> EXERCISE OBJECTIVE
The records below must be written out exactly, with every picture left behind.

*** Opening ENTRIES SHOWN ***

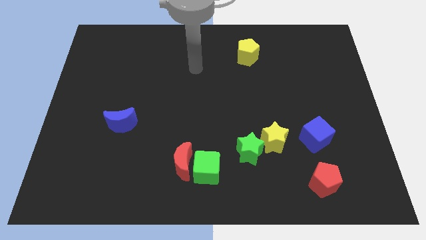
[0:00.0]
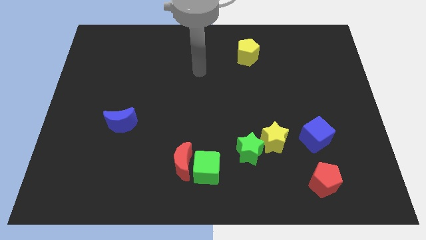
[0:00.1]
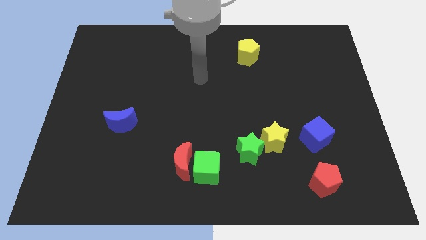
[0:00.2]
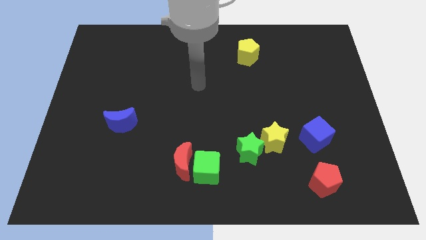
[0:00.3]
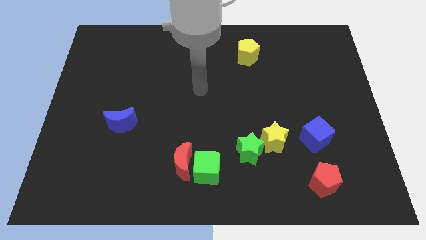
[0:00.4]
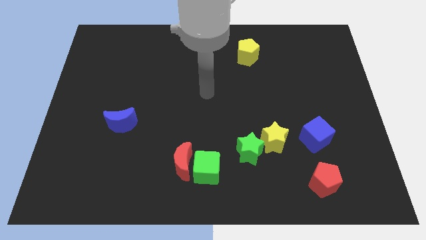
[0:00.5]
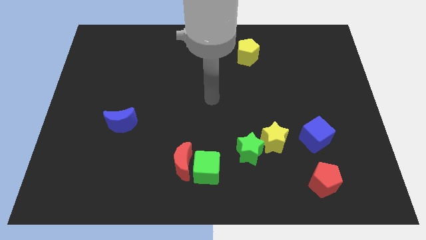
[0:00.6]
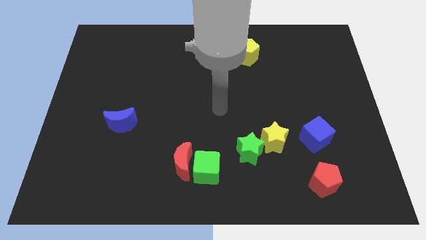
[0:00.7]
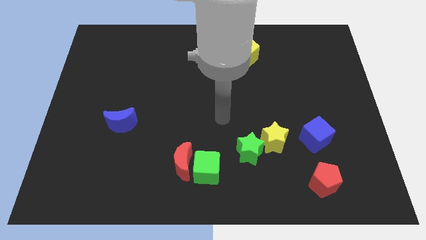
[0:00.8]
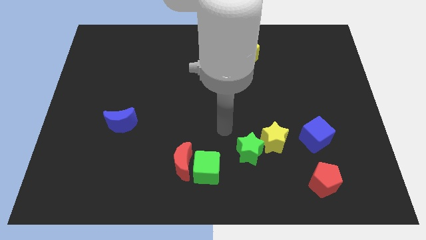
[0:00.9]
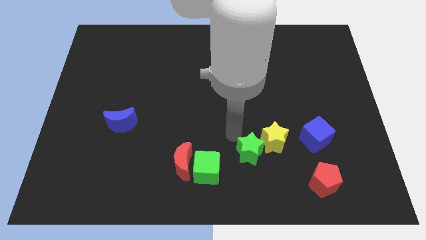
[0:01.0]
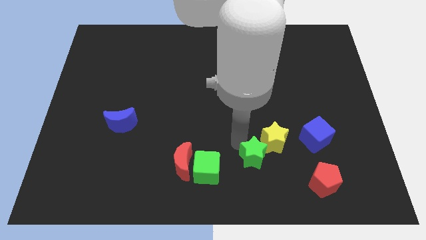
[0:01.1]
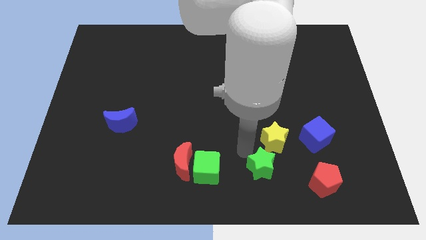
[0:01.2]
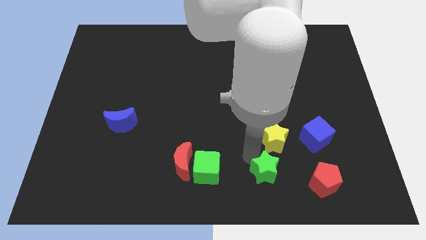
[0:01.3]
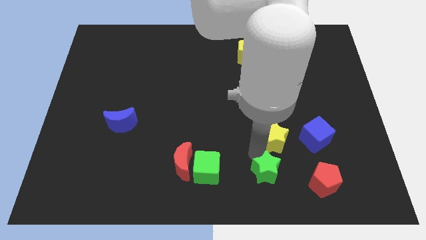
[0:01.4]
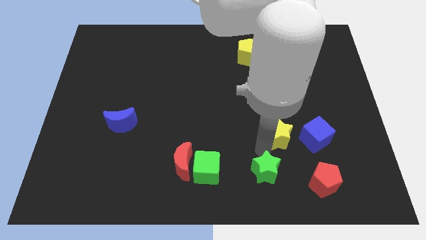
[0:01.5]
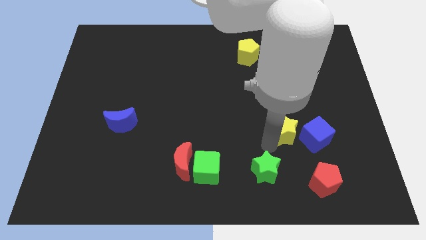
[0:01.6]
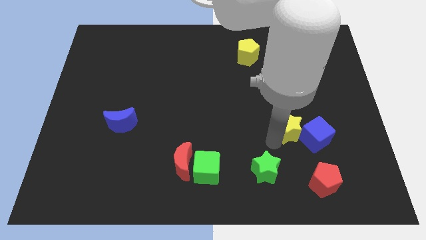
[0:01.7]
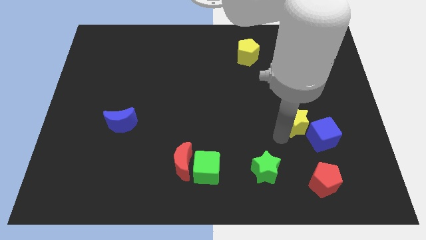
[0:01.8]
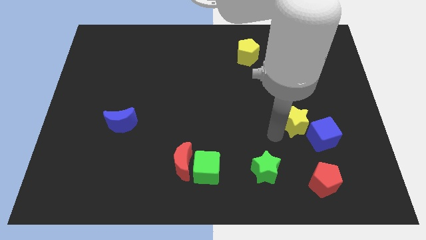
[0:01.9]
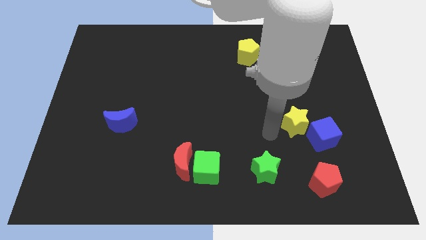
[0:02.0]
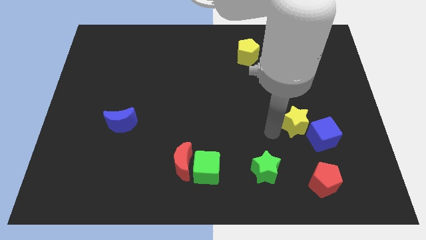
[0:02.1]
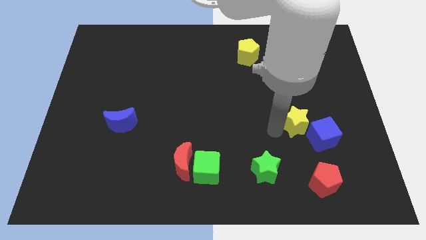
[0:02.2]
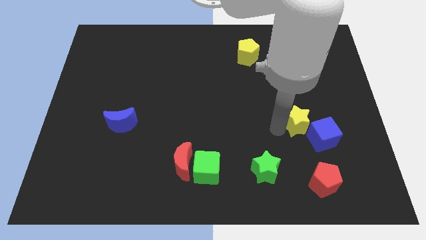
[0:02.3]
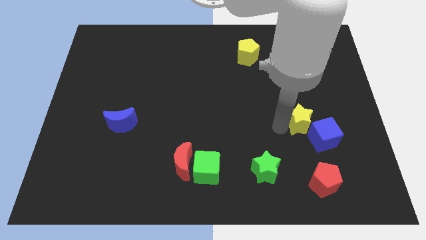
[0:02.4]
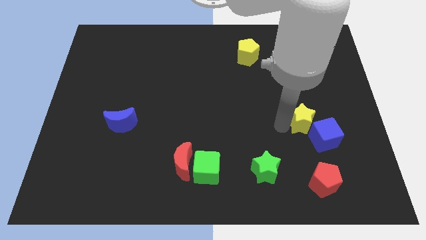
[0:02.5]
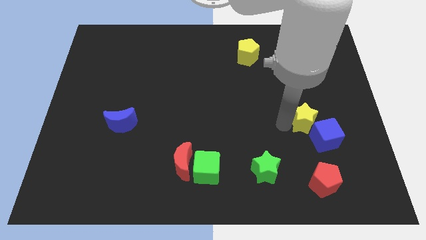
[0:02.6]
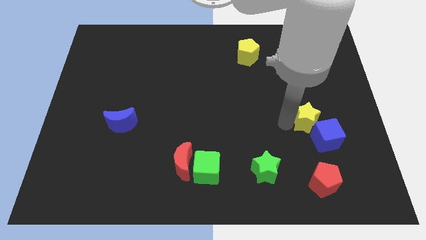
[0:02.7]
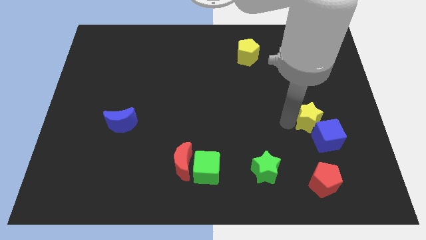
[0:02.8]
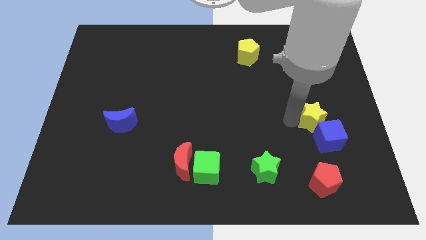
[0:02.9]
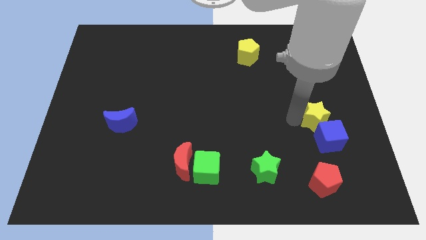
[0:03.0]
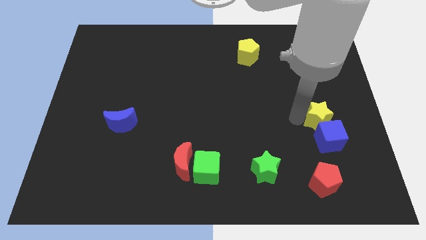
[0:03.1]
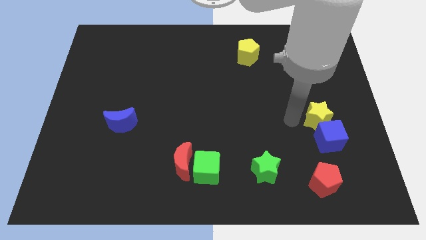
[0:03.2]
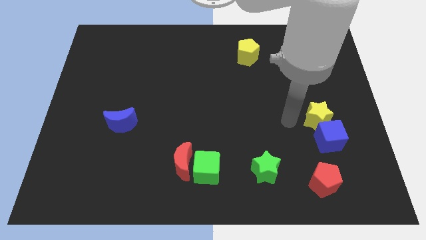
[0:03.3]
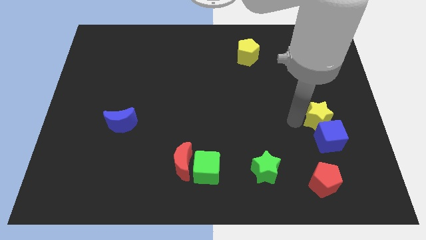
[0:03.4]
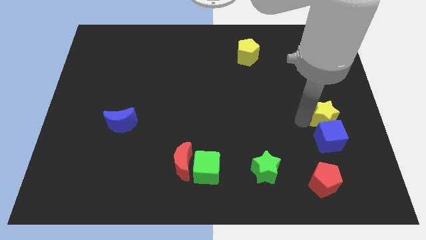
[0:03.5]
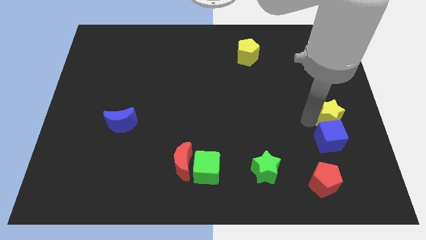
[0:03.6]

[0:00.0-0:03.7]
put the yellow star to the right side of the board

*** Closing ENTRIES SHOWN ***

> OUTPUT BELOW
[0:00.0]
[0:00.1]
[0:00.2]
[0:00.3]
[0:00.4]
[0:00.5]
[0:00.6]
[0:00.7]
[0:00.8]
[0:00.9]
[0:01.0]
[0:01.1]
[0:01.2]
[0:01.3]
[0:01.4]
[0:01.5]
[0:01.6]
[0:01.7]
[0:01.8]
[0:01.9]
[0:02.0]
[0:02.1]
[0:02.2]
[0:02.3]
[0:02.4]
[0:02.5]
[0:02.6]
[0:02.7]
[0:02.8]
[0:02.9]
[0:03.0]
[0:03.1]
[0:03.2]
[0:03.3]
[0:03.4]
[0:03.5]
[0:03.6]

[0:00.0-0:03.7]
put the yellow star to the right side of the board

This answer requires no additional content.